1. ## L2 space

Let $\displaystyle f_n,f,g \in L^2(X,F,\mu)$ and $\displaystyle |f_n|\leq g$ for all $\displaystyle n$.
Show that $\displaystyle f_n\rightarrow f$ in $\displaystyle L^2$ $\displaystyle iff$ $\displaystyle f_n \rightarrow f$ in measure and $\displaystyle \int f_n^2d\mu\rightarrow \int f^2d\mu$.
i could show that if $\displaystyle f_n\rightarrow f$ in $\displaystyle L^2$ , $\displaystyle \int f_n^2d\mu\rightarrow \int f^2d\mu$.
but im stuck on showing if $\displaystyle f_n\rightarrow f$ in $\displaystyle L^2$, $\displaystyle f_n \rightarrow f$ in measure. please help me on this. thank you.

2. Originally Posted by GTO
Let $\displaystyle f_n,f,g \in L^2(X,F,\mu)$ and $\displaystyle |f_n|\leq g$ for all $\displaystyle n$.
Show that $\displaystyle f_n\rightarrow f$ in $\displaystyle L^2$ $\displaystyle iff$ $\displaystyle f_n \rightarrow f$ in measure and $\displaystyle \int f_n^2d\mu\rightarrow \int f^2d\mu$.
i could show that if $\displaystyle f_n\rightarrow f$ in $\displaystyle L^2$ , $\displaystyle \int f_n^2d\mu\rightarrow \int f^2d\mu$.
but im stuck on showing if $\displaystyle f_n\rightarrow f$ in $\displaystyle L^2$, $\displaystyle f_n \rightarrow f$ in measure. please help me on this. thank you.
Since $\displaystyle f_n \rightarrow f$ in $\displaystyle L^2$, we have $\displaystyle \int_X |f-f_n|^2 d\mu \rightarrow 0$. Let $\displaystyle E=\{x:|f-f_n|>\epsilon\}$ and $\displaystyle D= \{x:|f-f_n|<\epsilon\}$. Then $\displaystyle \int_X |f-f_n|^2 d\mu=\int_E |f-f_n|^2 d\mu +\int_D |f-f_2|^2 d\mu \rightarrow 0$. So $\displaystyle \int_E |f-f_n|^2 d\mu\rightarrow 0$.
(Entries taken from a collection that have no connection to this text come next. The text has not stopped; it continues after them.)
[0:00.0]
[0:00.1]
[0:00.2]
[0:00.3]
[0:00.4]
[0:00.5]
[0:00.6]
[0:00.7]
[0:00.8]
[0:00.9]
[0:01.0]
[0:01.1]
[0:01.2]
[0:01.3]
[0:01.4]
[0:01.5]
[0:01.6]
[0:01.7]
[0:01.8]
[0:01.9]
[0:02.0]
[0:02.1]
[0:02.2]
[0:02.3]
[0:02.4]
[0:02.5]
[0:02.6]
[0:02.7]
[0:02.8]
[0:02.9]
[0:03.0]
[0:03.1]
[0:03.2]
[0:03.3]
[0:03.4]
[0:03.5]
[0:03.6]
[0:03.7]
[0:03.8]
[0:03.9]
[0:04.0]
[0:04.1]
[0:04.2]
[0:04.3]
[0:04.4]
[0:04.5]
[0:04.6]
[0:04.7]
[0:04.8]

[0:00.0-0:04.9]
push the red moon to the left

i got this far but i dont know how i can show $\displaystyle |f-f_n|<\infty$. i am thinking that the given assumption $\displaystyle |f_n|<g$ can be used here but i dont know how i can use it. please help me .
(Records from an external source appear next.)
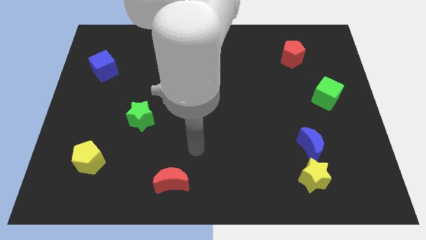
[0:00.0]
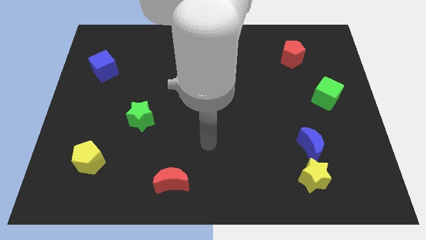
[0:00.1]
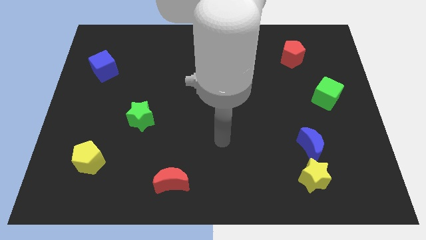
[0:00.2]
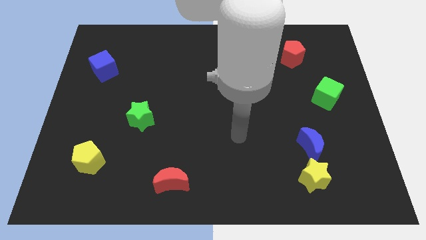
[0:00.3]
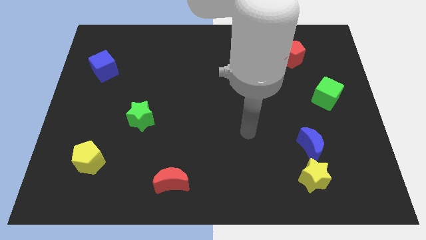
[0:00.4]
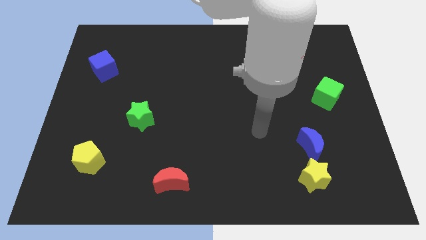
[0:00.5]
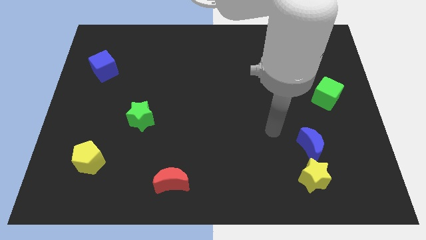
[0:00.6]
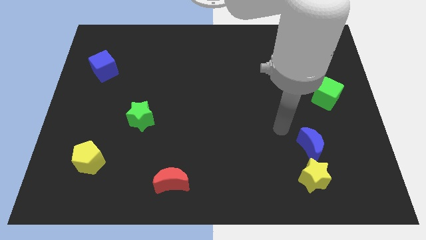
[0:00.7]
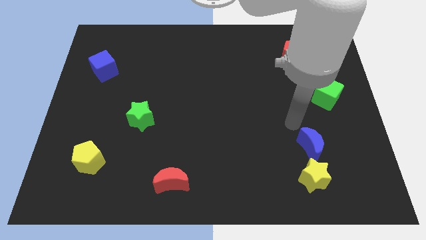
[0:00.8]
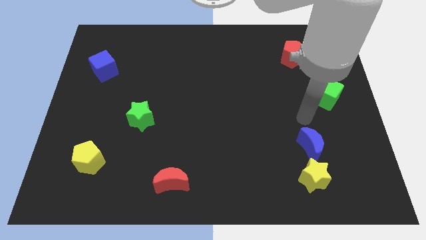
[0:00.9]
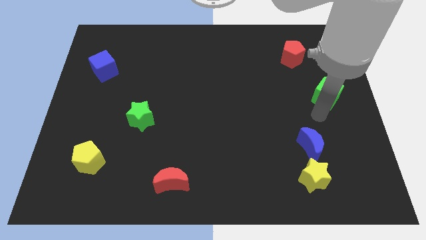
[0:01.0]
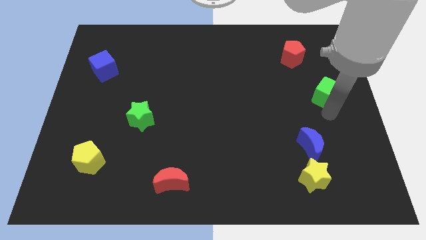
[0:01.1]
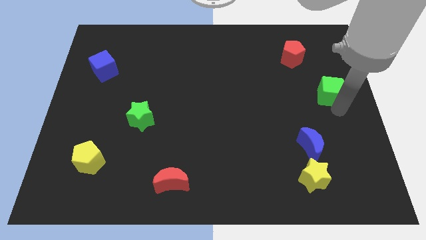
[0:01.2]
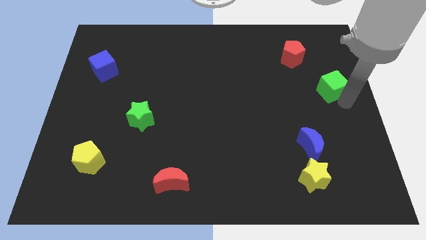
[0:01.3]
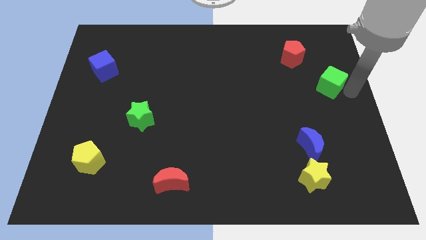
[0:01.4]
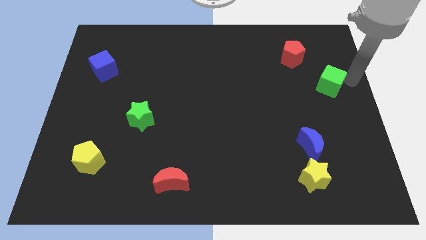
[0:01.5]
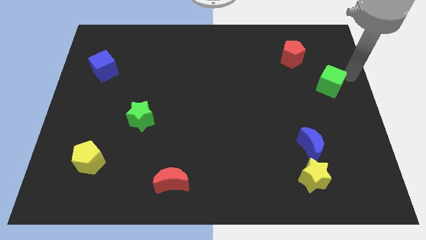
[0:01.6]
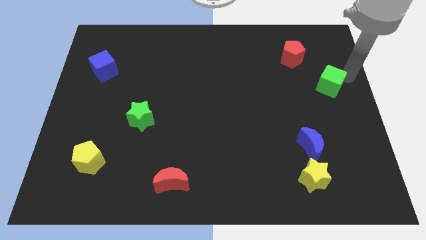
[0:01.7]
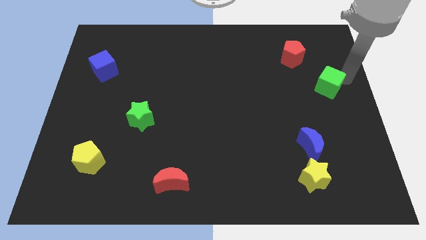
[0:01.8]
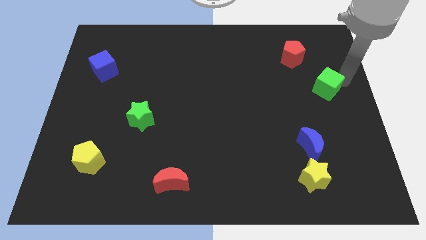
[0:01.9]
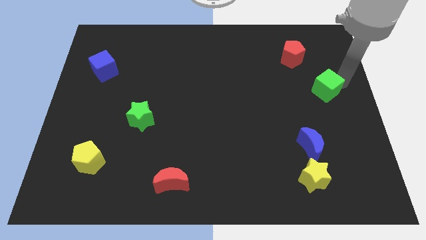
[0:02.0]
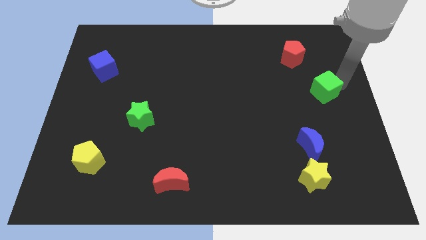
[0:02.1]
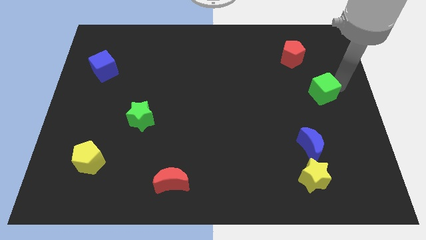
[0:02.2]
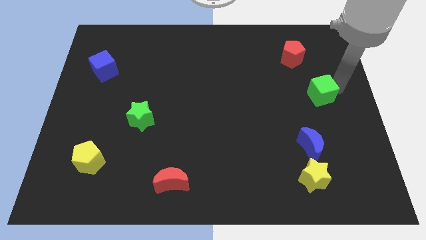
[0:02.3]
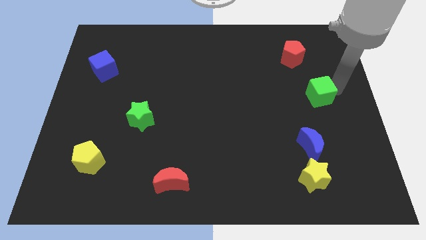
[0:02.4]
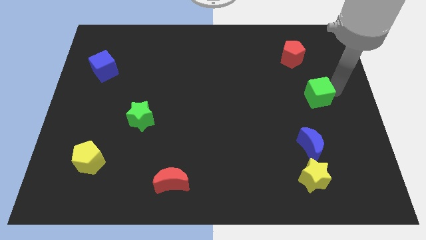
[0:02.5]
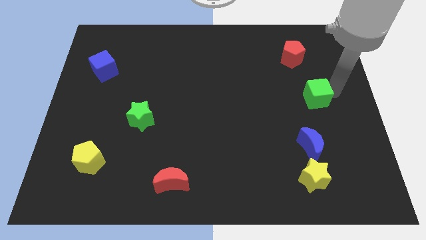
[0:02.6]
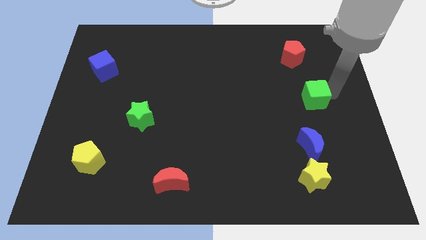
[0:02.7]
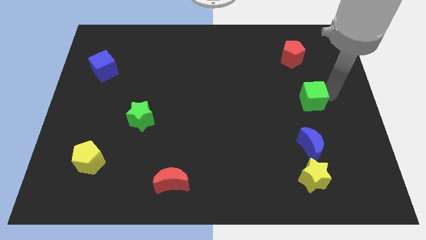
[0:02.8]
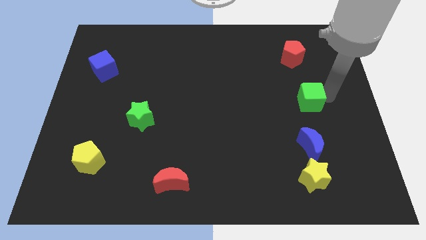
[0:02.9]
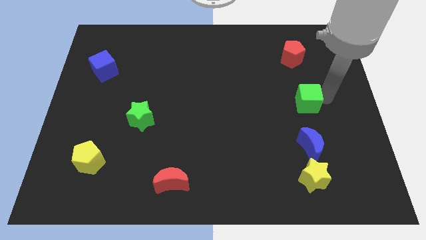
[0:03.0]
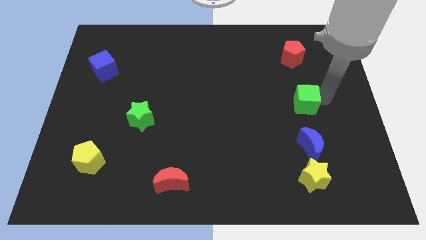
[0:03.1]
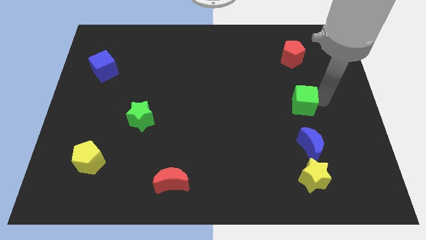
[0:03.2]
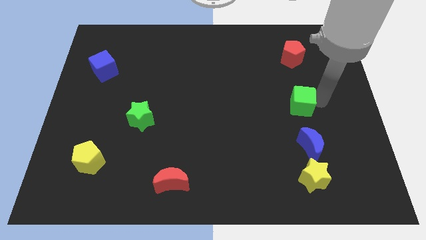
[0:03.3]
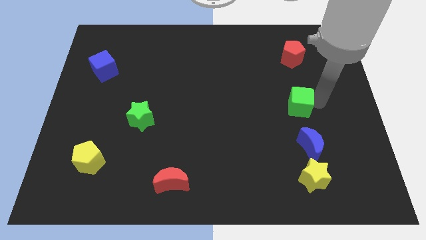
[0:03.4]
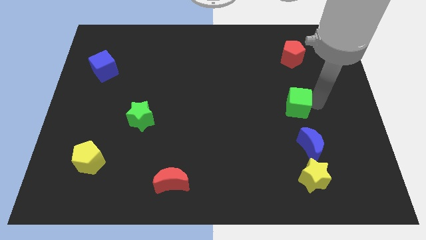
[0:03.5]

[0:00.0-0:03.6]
move the green cube left slightly

3. Originally Posted by GTO
Since $\displaystyle f_n \rightarrow f$ in $\displaystyle L^2$, we have $\displaystyle \int_X |f-f_n|^2 d\mu \rightarrow 0$. Let $\displaystyle E=\{x:|f-f_n|>\epsilon\}$ and $\displaystyle D= \{x:|f-f_n|<\epsilon\}$. Then $\displaystyle \int_X |f-f_n|^2 d\mu=\int_E |f-f_n|^2 d\mu +\int_D |f-f_2|^2 d\mu \rightarrow 0$. So $\displaystyle \int_E |f-f_n|^2 d\mu\rightarrow 0$.

i got this far but i dont know how i can show $\displaystyle |f-f_n|<\infty$. i am thinking that the given assumption $\displaystyle |f_n|<g$ can be used here but i dont know how i can use it. please help me .
Can i assume that $\displaystyle f_n$ is bounded since $\displaystyle \int |f_n|^2 <\infty$?

4. Originally Posted by GTO
Since $\displaystyle f_n \rightarrow f$ in $\displaystyle L^2$, we have $\displaystyle \int_X |f-f_n|^2 d\mu \rightarrow 0$. Let $\displaystyle E=\{x:|f-f_n|>\epsilon\}$ and $\displaystyle D= \{x:|f-f_n|<\epsilon\}$. Then $\displaystyle \int_X |f-f_n|^2 d\mu=\int_E |f-f_n|^2 d\mu +\int_D |f-f_2|^2 d\mu \rightarrow 0$. So $\displaystyle \int_E |f-f_n|^2 d\mu\rightarrow 0$.

i got this far but i dont know how i can show $\displaystyle |f-f_n|<\infty$. i am thinking that the given assumption $\displaystyle |f_n|<g$ can be used here but i dont know how i can use it. please help me .
i am not really sure but since $\displaystyle \int |f-f_n|^2 < \epsilon$ for all $\displaystyle n>N$, $\displaystyle |f-f_n|<\infty$. otherwise this integral will not go to 0. can someone tell me if it is correct?